En Mauritanie, le 8 mars est une journée plus qu’ordinaire. Elle passe presque inaperçue parce que l’écrasante majorité des femmes n’accordent que très peu d’importance à « id el mar’a » (la fête de la femme) qui n’est jour de repos que pour les fonctionnaires (femmes) et les élèves (filles). Oui, il faut bien qu’on le précise parce que même dans la langue « le masculin prime sur le féminin » !
Les droits de la femme en Mauritanie méritent bien plus qu’une journée pour être reconnus. Jusqu’à récemment encore, les Mauritaniennes n’avaient pas le droit à la pension de retraite ! Une aberration qu’un projet de loi adopté en Conseil des ministres, le 06/10/2011, tente de corriger. Il abroge et remplace certaines dispositions de la loi 61-016 en date du 30 janvier 1961 fixant le régime des pensions civiles de la caisse de retraite de la République Islamique de Mauritanie. L’amendement de cette loi touchant les articles 21 et 22 dudit texte comble un vide juridique qui a longtemps duré, les nouvelles dispositions permettant à l’époux et aux enfants de bénéficier de la pension de la femme fonctionnaire décédée. Mais il y a un hic : Depuis deux ans, cette loi manque encore de décret d’application !
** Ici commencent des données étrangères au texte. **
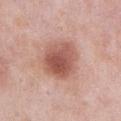Notes:
• notes · catalogued during a skin exam; not biopsied
• subject · male, aged around 55
• image source · 15 mm crop, total-body photography
• location · the abdomen
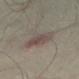follow-up: no biopsy performed (imaged during a skin exam) | automated lesion analysis: an area of roughly 9.5 mm², a shape eccentricity near 0.8, and two-axis asymmetry of about 0.15 | body site: the abdomen | image: total-body-photography crop, ~15 mm field of view | lesion diameter: ~4 mm (longest diameter) | subject: male, in their mid- to late 50s.
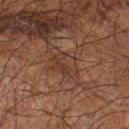{
  "biopsy_status": "not biopsied; imaged during a skin examination",
  "patient": {
    "sex": "male",
    "age_approx": 65
  },
  "site": "left forearm",
  "lighting": "cross-polarized",
  "image": {
    "source": "total-body photography crop",
    "field_of_view_mm": 15
  },
  "automated_metrics": {
    "area_mm2_approx": 7.0,
    "eccentricity": 0.65,
    "shape_asymmetry": 0.25,
    "vs_skin_darker_L": 5.0,
    "vs_skin_contrast_norm": 5.5,
    "border_irregularity_0_10": 3.0,
    "color_variation_0_10": 3.0,
    "peripheral_color_asymmetry": 1.0
  }
}
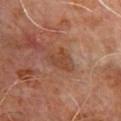Q: Was this lesion biopsied?
A: imaged on a skin check; not biopsied
Q: Where on the body is the lesion?
A: the chest
Q: What did automated image analysis measure?
A: a color-variation rating of about 2/10 and peripheral color asymmetry of about 0.5
Q: What are the patient's age and sex?
A: male, aged around 65
Q: Lesion size?
A: ~3.5 mm (longest diameter)
Q: What is the imaging modality?
A: ~15 mm tile from a whole-body skin photo
Q: Illumination type?
A: cross-polarized illumination
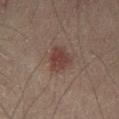No biopsy was performed on this lesion — it was imaged during a full skin examination and was not determined to be concerning. A male subject aged 38 to 42. The lesion-visualizer software estimated a lesion area of about 7.5 mm², a shape eccentricity near 0.7, and two-axis asymmetry of about 0.3. It also reported an average lesion color of about L≈35 a*≈17 b*≈20 (CIELAB), about 8 CIELAB-L* units darker than the surrounding skin, and a normalized lesion–skin contrast near 7.5. The analysis additionally found a border-irregularity rating of about 3/10, a color-variation rating of about 2/10, and a peripheral color-asymmetry measure near 0.5. It also reported a nevus-likeness score of about 100/100 and a lesion-detection confidence of about 100/100. The lesion is on the left thigh. A 15 mm close-up extracted from a 3D total-body photography capture. About 3.5 mm across.
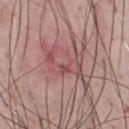No biopsy was performed on this lesion — it was imaged during a full skin examination and was not determined to be concerning. A close-up tile cropped from a whole-body skin photograph, about 15 mm across. The patient is a male approximately 50 years of age. On the front of the torso. Captured under white-light illumination.
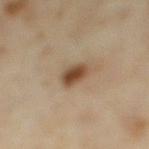biopsy status: catalogued during a skin exam; not biopsied | patient: female, aged 33–37 | anatomic site: the right lower leg | lesion size: about 3 mm | lighting: cross-polarized | imaging modality: ~15 mm crop, total-body skin-cancer survey | automated lesion analysis: an area of roughly 5.5 mm², a shape eccentricity near 0.6, and a shape-asymmetry score of about 0.2 (0 = symmetric); a lesion color around L≈45 a*≈16 b*≈30 in CIELAB, roughly 13 lightness units darker than nearby skin, and a lesion-to-skin contrast of about 10.5 (normalized; higher = more distinct); a border-irregularity index near 2/10 and peripheral color asymmetry of about 1.5.
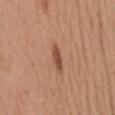The lesion was photographed on a routine skin check and not biopsied; there is no pathology result. A close-up tile cropped from a whole-body skin photograph, about 15 mm across. The total-body-photography lesion software estimated an area of roughly 3 mm², an eccentricity of roughly 0.95, and a symmetry-axis asymmetry near 0.3. And it measured an average lesion color of about L≈49 a*≈23 b*≈31 (CIELAB), a lesion–skin lightness drop of about 12, and a lesion-to-skin contrast of about 8.5 (normalized; higher = more distinct). The software also gave border irregularity of about 3.5 on a 0–10 scale, a color-variation rating of about 0/10, and radial color variation of about 0. A female patient about 40 years old. Located on the back.
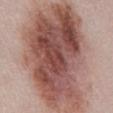Q: Is there a histopathology result?
A: imaged on a skin check; not biopsied
Q: How was the tile lit?
A: white-light illumination
Q: How was this image acquired?
A: total-body-photography crop, ~15 mm field of view
Q: What is the anatomic site?
A: the abdomen
Q: Who is the patient?
A: female, in their 50s
Q: Automated lesion metrics?
A: a footprint of about 105 mm², an eccentricity of roughly 0.8, and a symmetry-axis asymmetry near 0.2; a lesion color around L≈52 a*≈21 b*≈24 in CIELAB, roughly 16 lightness units darker than nearby skin, and a normalized border contrast of about 11; a detector confidence of about 100 out of 100 that the crop contains a lesion
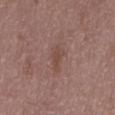No biopsy was performed on this lesion — it was imaged during a full skin examination and was not determined to be concerning. The subject is a male in their 50s. A roughly 15 mm field-of-view crop from a total-body skin photograph. From the mid back.
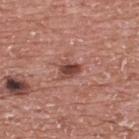  patient:
    sex: male
    age_approx: 70
  automated_metrics:
    area_mm2_approx: 4.5
    eccentricity: 0.7
    shape_asymmetry: 0.3
    cielab_L: 45
    cielab_a: 25
    cielab_b: 25
    vs_skin_darker_L: 13.0
    vs_skin_contrast_norm: 9.0
    border_irregularity_0_10: 3.0
    color_variation_0_10: 3.0
    peripheral_color_asymmetry: 1.0
  lighting: white-light
  image:
    source: total-body photography crop
    field_of_view_mm: 15
  site: upper back
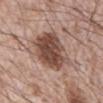The lesion was photographed on a routine skin check and not biopsied; there is no pathology result. The lesion is on the abdomen. The tile uses white-light illumination. About 5.5 mm across. A male patient aged 68 to 72. A 15 mm close-up tile from a total-body photography series done for melanoma screening.
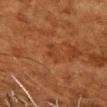This lesion was catalogued during total-body skin photography and was not selected for biopsy.
Cropped from a whole-body photographic skin survey; the tile spans about 15 mm.
Located on the chest.
The recorded lesion diameter is about 2.5 mm.
The tile uses cross-polarized illumination.
A male subject in their 80s.
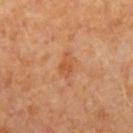Recorded during total-body skin imaging; not selected for excision or biopsy. A female subject aged around 50. A 15 mm close-up extracted from a 3D total-body photography capture. This is a cross-polarized tile. On the right forearm. The lesion's longest dimension is about 3 mm.
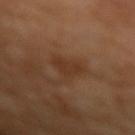Imaged during a routine full-body skin examination; the lesion was not biopsied and no histopathology is available.
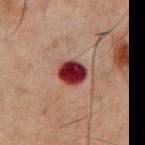notes: no biopsy performed (imaged during a skin exam) | image-analysis metrics: a footprint of about 7 mm² and a shape eccentricity near 0.3; a lesion-detection confidence of about 100/100 | tile lighting: cross-polarized illumination | patient: male, in their 60s | lesion size: ≈3 mm | image: 15 mm crop, total-body photography | body site: the chest.
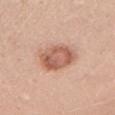A male subject about 50 years old. The lesion is on the right upper arm. A 15 mm close-up extracted from a 3D total-body photography capture.
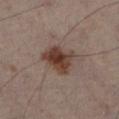The lesion was photographed on a routine skin check and not biopsied; there is no pathology result.
The lesion's longest dimension is about 4.5 mm.
The lesion is located on the left leg.
Cropped from a total-body skin-imaging series; the visible field is about 15 mm.
A male subject about 50 years old.
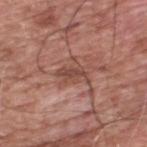The tile uses white-light illumination. The lesion is located on the upper back. A male patient, aged approximately 60. Longest diameter approximately 3.5 mm. The lesion-visualizer software estimated a footprint of about 6.5 mm², an outline eccentricity of about 0.6 (0 = round, 1 = elongated), and two-axis asymmetry of about 0.4. The software also gave border irregularity of about 5.5 on a 0–10 scale and a color-variation rating of about 2.5/10. And it measured a nevus-likeness score of about 0/100. A close-up tile cropped from a whole-body skin photograph, about 15 mm across.
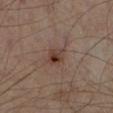biopsy status: catalogued during a skin exam; not biopsied
acquisition: 15 mm crop, total-body photography
subject: aged 53–57
automated lesion analysis: a lesion area of about 4.5 mm² and an eccentricity of roughly 0.65
anatomic site: the left lower leg
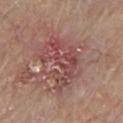Clinical impression:
Recorded during total-body skin imaging; not selected for excision or biopsy.
Background:
A male subject in their 80s. Cropped from a total-body skin-imaging series; the visible field is about 15 mm. The lesion-visualizer software estimated an eccentricity of roughly 0.75 and a shape-asymmetry score of about 0.45 (0 = symmetric). And it measured an average lesion color of about L≈47 a*≈24 b*≈22 (CIELAB) and a lesion–skin lightness drop of about 9. The software also gave a classifier nevus-likeness of about 0/100 and lesion-presence confidence of about 100/100. Measured at roughly 6.5 mm in maximum diameter. The lesion is on the chest. This is a white-light tile.
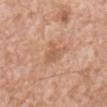lesion diameter: ≈3 mm | patient: male, roughly 60 years of age | automated metrics: a footprint of about 4.5 mm², a shape eccentricity near 0.6, and two-axis asymmetry of about 0.4; about 8 CIELAB-L* units darker than the surrounding skin and a lesion-to-skin contrast of about 5 (normalized; higher = more distinct); a detector confidence of about 100 out of 100 that the crop contains a lesion | image: 15 mm crop, total-body photography | location: the abdomen | illumination: white-light.
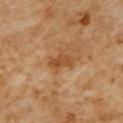Case summary:
- notes — no biopsy performed (imaged during a skin exam)
- subject — male, aged 58 to 62
- lighting — cross-polarized
- body site — the front of the torso
- imaging modality — 15 mm crop, total-body photography
- diameter — ~3 mm (longest diameter)
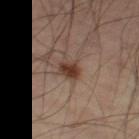The lesion was photographed on a routine skin check and not biopsied; there is no pathology result. A male patient, in their 50s. The lesion is on the abdomen. A roughly 15 mm field-of-view crop from a total-body skin photograph. The lesion's longest dimension is about 2.5 mm. This is a cross-polarized tile.
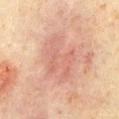Notes:
• body site · the chest
• subject · male, aged approximately 60
• TBP lesion metrics · a lesion area of about 17 mm², an outline eccentricity of about 0.8 (0 = round, 1 = elongated), and two-axis asymmetry of about 0.35; an average lesion color of about L≈53 a*≈20 b*≈25 (CIELAB) and a lesion-to-skin contrast of about 5 (normalized; higher = more distinct); a border-irregularity index near 5.5/10, internal color variation of about 3.5 on a 0–10 scale, and radial color variation of about 1; an automated nevus-likeness rating near 5 out of 100 and a lesion-detection confidence of about 100/100
• image source · total-body-photography crop, ~15 mm field of view
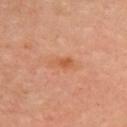Impression:
The lesion was tiled from a total-body skin photograph and was not biopsied.
Acquisition and patient details:
The subject is a female in their 60s. A roughly 15 mm field-of-view crop from a total-body skin photograph. The lesion is on the upper back. This is a cross-polarized tile. The recorded lesion diameter is about 3.5 mm.
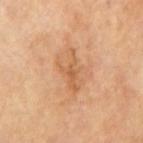biopsy status — no biopsy performed (imaged during a skin exam); location — the mid back; image — 15 mm crop, total-body photography; subject — male, in their 70s.
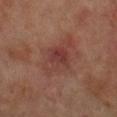biopsy status = total-body-photography surveillance lesion; no biopsy.
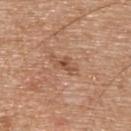{"biopsy_status": "not biopsied; imaged during a skin examination", "patient": {"sex": "male", "age_approx": 65}, "lighting": "white-light", "automated_metrics": {"area_mm2_approx": 3.5, "eccentricity": 0.8, "shape_asymmetry": 0.45, "cielab_L": 52, "cielab_a": 22, "cielab_b": 32, "vs_skin_contrast_norm": 6.5, "border_irregularity_0_10": 4.5, "color_variation_0_10": 3.0, "peripheral_color_asymmetry": 1.5, "nevus_likeness_0_100": 15, "lesion_detection_confidence_0_100": 100}, "site": "upper back", "image": {"source": "total-body photography crop", "field_of_view_mm": 15}, "lesion_size": {"long_diameter_mm_approx": 3.0}}
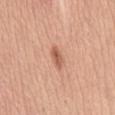{
  "biopsy_status": "not biopsied; imaged during a skin examination",
  "lesion_size": {
    "long_diameter_mm_approx": 3.0
  },
  "image": {
    "source": "total-body photography crop",
    "field_of_view_mm": 15
  },
  "lighting": "white-light",
  "site": "abdomen",
  "patient": {
    "sex": "female",
    "age_approx": 40
  }
}
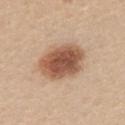This image is a 15 mm lesion crop taken from a total-body photograph.
A female subject aged around 25.
From the upper back.
The tile uses white-light illumination.
The total-body-photography lesion software estimated a lesion color around L≈54 a*≈21 b*≈31 in CIELAB, a lesion–skin lightness drop of about 16, and a normalized border contrast of about 10.5. The software also gave a classifier nevus-likeness of about 100/100 and lesion-presence confidence of about 100/100.
About 5.5 mm across.
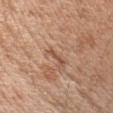workup: total-body-photography surveillance lesion; no biopsy
patient: female, aged 38–42
location: the left upper arm
illumination: white-light illumination
lesion diameter: ≈2.5 mm
acquisition: ~15 mm crop, total-body skin-cancer survey
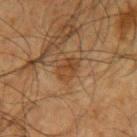Findings:
- subject — male, in their mid- to late 60s
- image — 15 mm crop, total-body photography
- anatomic site — the arm
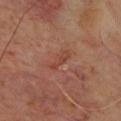Q: Is there a histopathology result?
A: imaged on a skin check; not biopsied
Q: What is the anatomic site?
A: the chest
Q: What are the patient's age and sex?
A: male, in their mid- to late 60s
Q: What lighting was used for the tile?
A: cross-polarized
Q: Lesion size?
A: ~3 mm (longest diameter)
Q: What kind of image is this?
A: ~15 mm tile from a whole-body skin photo
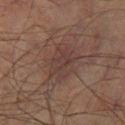anatomic site: the right lower leg
image: ~15 mm crop, total-body skin-cancer survey
subject: male, approximately 70 years of age
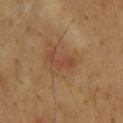| key | value |
|---|---|
| biopsy status | imaged on a skin check; not biopsied |
| tile lighting | cross-polarized illumination |
| lesion diameter | ~4 mm (longest diameter) |
| anatomic site | the upper back |
| imaging modality | total-body-photography crop, ~15 mm field of view |
| subject | male, roughly 65 years of age |
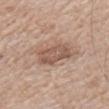Part of a total-body skin-imaging series; this lesion was reviewed on a skin check and was not flagged for biopsy. A region of skin cropped from a whole-body photographic capture, roughly 15 mm wide. Imaged with white-light lighting. The lesion is on the left upper arm. A male subject aged around 70.
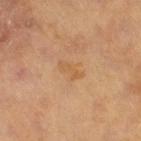notes: imaged on a skin check; not biopsied
subject: male, aged around 65
image: 15 mm crop, total-body photography
illumination: cross-polarized illumination
automated lesion analysis: a border-irregularity index near 4.5/10 and internal color variation of about 0 on a 0–10 scale; an automated nevus-likeness rating near 0 out of 100 and lesion-presence confidence of about 100/100
body site: the left leg
lesion size: ≈3 mm
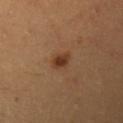notes: no biopsy performed (imaged during a skin exam); patient: female, in their mid-30s; anatomic site: the left upper arm; image source: 15 mm crop, total-body photography; tile lighting: cross-polarized; automated lesion analysis: an area of roughly 4 mm², an outline eccentricity of about 0.65 (0 = round, 1 = elongated), and a symmetry-axis asymmetry near 0.2; diameter: about 2.5 mm.
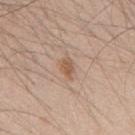Impression: The lesion was tiled from a total-body skin photograph and was not biopsied. Clinical summary: From the mid back. A region of skin cropped from a whole-body photographic capture, roughly 15 mm wide. A male patient, roughly 50 years of age.
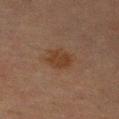| field | value |
|---|---|
| follow-up | total-body-photography surveillance lesion; no biopsy |
| body site | the left upper arm |
| imaging modality | total-body-photography crop, ~15 mm field of view |
| patient | male, in their mid- to late 60s |
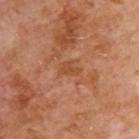Recorded during total-body skin imaging; not selected for excision or biopsy.
This image is a 15 mm lesion crop taken from a total-body photograph.
Automated image analysis of the tile measured an area of roughly 3.5 mm², an outline eccentricity of about 0.75 (0 = round, 1 = elongated), and two-axis asymmetry of about 0.45. The software also gave a border-irregularity index near 4/10 and peripheral color asymmetry of about 0.5.
About 2.5 mm across.
A male patient, aged 68 to 72.
From the upper back.
Imaged with cross-polarized lighting.
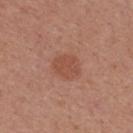  biopsy_status: not biopsied; imaged during a skin examination
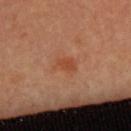This lesion was catalogued during total-body skin photography and was not selected for biopsy.
Captured under cross-polarized illumination.
A roughly 15 mm field-of-view crop from a total-body skin photograph.
About 3 mm across.
A female subject, in their 50s.
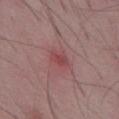This lesion was catalogued during total-body skin photography and was not selected for biopsy. The patient is a male about 50 years old. A region of skin cropped from a whole-body photographic capture, roughly 15 mm wide. On the front of the torso.
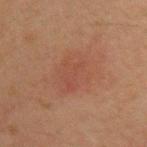No biopsy was performed on this lesion — it was imaged during a full skin examination and was not determined to be concerning. The lesion is located on the left upper arm. A male subject, aged 43–47. A 15 mm crop from a total-body photograph taken for skin-cancer surveillance. The lesion's longest dimension is about 6.5 mm. Captured under cross-polarized illumination.
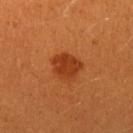| feature | finding |
|---|---|
| biopsy status | no biopsy performed (imaged during a skin exam) |
| lighting | cross-polarized illumination |
| patient | female, aged 28–32 |
| image source | ~15 mm tile from a whole-body skin photo |
| automated metrics | a lesion area of about 7.5 mm² and a shape-asymmetry score of about 0.2 (0 = symmetric); a lesion color around L≈36 a*≈30 b*≈39 in CIELAB, roughly 10 lightness units darker than nearby skin, and a normalized border contrast of about 8; lesion-presence confidence of about 100/100 |
| body site | the left upper arm |
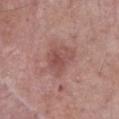Acquisition and patient details:
From the chest. A close-up tile cropped from a whole-body skin photograph, about 15 mm across. A male patient aged approximately 65.
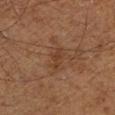{
  "biopsy_status": "not biopsied; imaged during a skin examination",
  "automated_metrics": {
    "cielab_L": 29,
    "cielab_a": 17,
    "cielab_b": 25,
    "vs_skin_darker_L": 5.0,
    "nevus_likeness_0_100": 0
  },
  "lighting": "cross-polarized",
  "site": "left lower leg",
  "image": {
    "source": "total-body photography crop",
    "field_of_view_mm": 15
  },
  "lesion_size": {
    "long_diameter_mm_approx": 3.0
  },
  "patient": {
    "sex": "male",
    "age_approx": 75
  }
}

Les femmes ne retrouvent vraiment la plénitude de leurs droits que quand il faut imposer aux hommes la manière dont les mariages et les baptêmes sont faits. Des centaines de milles, voire des millions d’ouguiyas sont dilapidés le temps d’un mariage, d’un baptême, où il faut se surpasser, faire mieux que telle famille !
Les femmes règnent aussi en maîtresses durant les campagnes électorales (présidentielles, législatives et municipales). L’animation qui fait l’essentiel de l’action politique est laissée entre les mains de cette frange sociale qui, selon les dernières statistiques disponibles, représentent 53% de la population du pays ! Mais le leadership de la gent féminine s’arrête là. Depuis l’indépendance du pays, aucun président n’a pensé à désigner une « Première » ministre ou une « présidente » de l’Assemblée nationale ou du Sénat. Il n’y a pas de femmes « magistrate », non plus. Dans la formation de chaque gouvernement, la première chose que l’on regarde, après, bien sûr, la question des quotas Maures –Négro-Mauritaniens, est celle de la parité. Combien de femmes ?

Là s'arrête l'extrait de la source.